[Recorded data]
━━━━━━

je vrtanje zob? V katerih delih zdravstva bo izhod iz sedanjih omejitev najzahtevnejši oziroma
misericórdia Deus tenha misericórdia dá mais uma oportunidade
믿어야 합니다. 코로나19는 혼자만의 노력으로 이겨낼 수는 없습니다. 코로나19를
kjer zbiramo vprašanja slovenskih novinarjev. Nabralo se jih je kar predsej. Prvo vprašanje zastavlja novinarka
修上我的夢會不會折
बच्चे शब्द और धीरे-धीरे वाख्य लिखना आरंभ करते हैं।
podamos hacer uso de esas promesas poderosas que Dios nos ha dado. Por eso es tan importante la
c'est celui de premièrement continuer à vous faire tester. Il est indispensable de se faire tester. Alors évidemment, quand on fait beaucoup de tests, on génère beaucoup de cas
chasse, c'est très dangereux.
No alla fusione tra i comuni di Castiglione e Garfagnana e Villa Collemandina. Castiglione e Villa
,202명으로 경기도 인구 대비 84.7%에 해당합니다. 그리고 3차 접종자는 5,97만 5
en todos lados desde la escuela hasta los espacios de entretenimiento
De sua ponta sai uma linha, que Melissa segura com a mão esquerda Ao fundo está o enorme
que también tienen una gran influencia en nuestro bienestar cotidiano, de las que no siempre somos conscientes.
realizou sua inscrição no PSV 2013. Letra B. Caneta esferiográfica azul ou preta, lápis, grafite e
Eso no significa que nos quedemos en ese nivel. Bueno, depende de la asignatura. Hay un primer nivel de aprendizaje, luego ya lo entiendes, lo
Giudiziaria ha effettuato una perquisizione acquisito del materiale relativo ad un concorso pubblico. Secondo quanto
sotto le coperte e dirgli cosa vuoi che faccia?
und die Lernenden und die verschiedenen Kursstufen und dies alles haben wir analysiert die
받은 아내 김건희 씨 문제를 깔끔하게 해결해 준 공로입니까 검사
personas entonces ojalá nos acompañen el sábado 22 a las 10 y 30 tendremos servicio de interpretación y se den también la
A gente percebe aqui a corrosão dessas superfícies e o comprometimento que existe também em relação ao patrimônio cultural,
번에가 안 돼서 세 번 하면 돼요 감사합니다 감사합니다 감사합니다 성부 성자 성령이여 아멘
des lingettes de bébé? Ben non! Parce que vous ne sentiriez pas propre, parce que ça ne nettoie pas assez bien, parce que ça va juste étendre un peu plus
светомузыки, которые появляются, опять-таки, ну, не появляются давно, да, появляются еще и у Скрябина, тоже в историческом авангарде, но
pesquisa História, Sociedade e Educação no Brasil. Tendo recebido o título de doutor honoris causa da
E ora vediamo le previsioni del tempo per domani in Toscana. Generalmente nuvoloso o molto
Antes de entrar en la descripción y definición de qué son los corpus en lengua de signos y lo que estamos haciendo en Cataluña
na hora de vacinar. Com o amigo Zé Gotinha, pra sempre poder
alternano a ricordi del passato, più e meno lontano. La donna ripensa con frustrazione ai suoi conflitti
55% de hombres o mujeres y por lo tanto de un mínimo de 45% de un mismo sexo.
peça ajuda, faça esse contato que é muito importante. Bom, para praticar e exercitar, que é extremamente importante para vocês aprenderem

━━━━━━

TASK DIRECTIONS:
Each entry above is to be returned exactly as given.

PROBLEM SOLUTION:
je vrtanje zob? V katerih delih zdravstva bo izhod iz sedanjih omejitev najzahtevnejši oziroma
misericórdia Deus tenha misericórdia dá mais uma oportunidade
믿어야 합니다. 코로나19는 혼자만의 노력으로 이겨낼 수는 없습니다. 코로나19를
kjer zbiramo vprašanja slovenskih novinarjev. Nabralo se jih je kar predsej. Prvo vprašanje zastavlja novinarka
修上我的夢會不會折
बच्चे शब्द और धीरे-धीरे वाख्य लिखना आरंभ करते हैं।
podamos hacer uso de esas promesas poderosas que Dios nos ha dado. Por eso es tan importante la
c'est celui de premièrement continuer à vous faire tester. Il est indispensable de se faire tester. Alors évidemment, quand on fait beaucoup de tests, on génère beaucoup de cas
chasse, c'est très dangereux.
No alla fusione tra i comuni di Castiglione e Garfagnana e Villa Collemandina. Castiglione e Villa
,202명으로 경기도 인구 대비 84.7%에 해당합니다. 그리고 3차 접종자는 5,97만 5
en todos lados desde la escuela hasta los espacios de entretenimiento
De sua ponta sai uma linha, que Melissa segura com a mão esquerda Ao fundo está o enorme
que también tienen una gran influencia en nuestro bienestar cotidiano, de las que no siempre somos conscientes.
realizou sua inscrição no PSV 2013. Letra B. Caneta esferiográfica azul ou preta, lápis, grafite e
Eso no significa que nos quedemos en ese nivel. Bueno, depende de la asignatura. Hay un primer nivel de aprendizaje, luego ya lo entiendes, lo
Giudiziaria ha effettuato una perquisizione acquisito del materiale relativo ad un concorso pubblico. Secondo quanto
sotto le coperte e dirgli cosa vuoi che faccia?
und die Lernenden und die verschiedenen Kursstufen und dies alles haben wir analysiert die
받은 아내 김건희 씨 문제를 깔끔하게 해결해 준 공로입니까 검사
personas entonces ojalá nos acompañen el sábado 22 a las 10 y 30 tendremos servicio de interpretación y se den también la
A gente percebe aqui a corrosão dessas superfícies e o comprometimento que existe também em relação ao patrimônio cultural,
번에가 안 돼서 세 번 하면 돼요 감사합니다 감사합니다 감사합니다 성부 성자 성령이여 아멘
des lingettes de bébé? Ben non! Parce que vous ne sentiriez pas propre, parce que ça ne nettoie pas assez bien, parce que ça va juste étendre un peu plus
светомузыки, которые появляются, опять-таки, ну, не появляются давно, да, появляются еще и у Скрябина, тоже в историческом авангарде, но
pesquisa História, Sociedade e Educação no Brasil. Tendo recebido o título de doutor honoris causa da
E ora vediamo le previsioni del tempo per domani in Toscana. Generalmente nuvoloso o molto
Antes de entrar en la descripción y definición de qué son los corpus en lengua de signos y lo que estamos haciendo en Cataluña
na hora de vacinar. Com o amigo Zé Gotinha, pra sempre poder
alternano a ricordi del passato, più e meno lontano. La donna ripensa con frustrazione ai suoi conflitti
55% de hombres o mujeres y por lo tanto de un mínimo de 45% de un mismo sexo.
peça ajuda, faça esse contato que é muito importante. Bom, para praticar e exercitar, que é extremamente importante para vocês aprenderem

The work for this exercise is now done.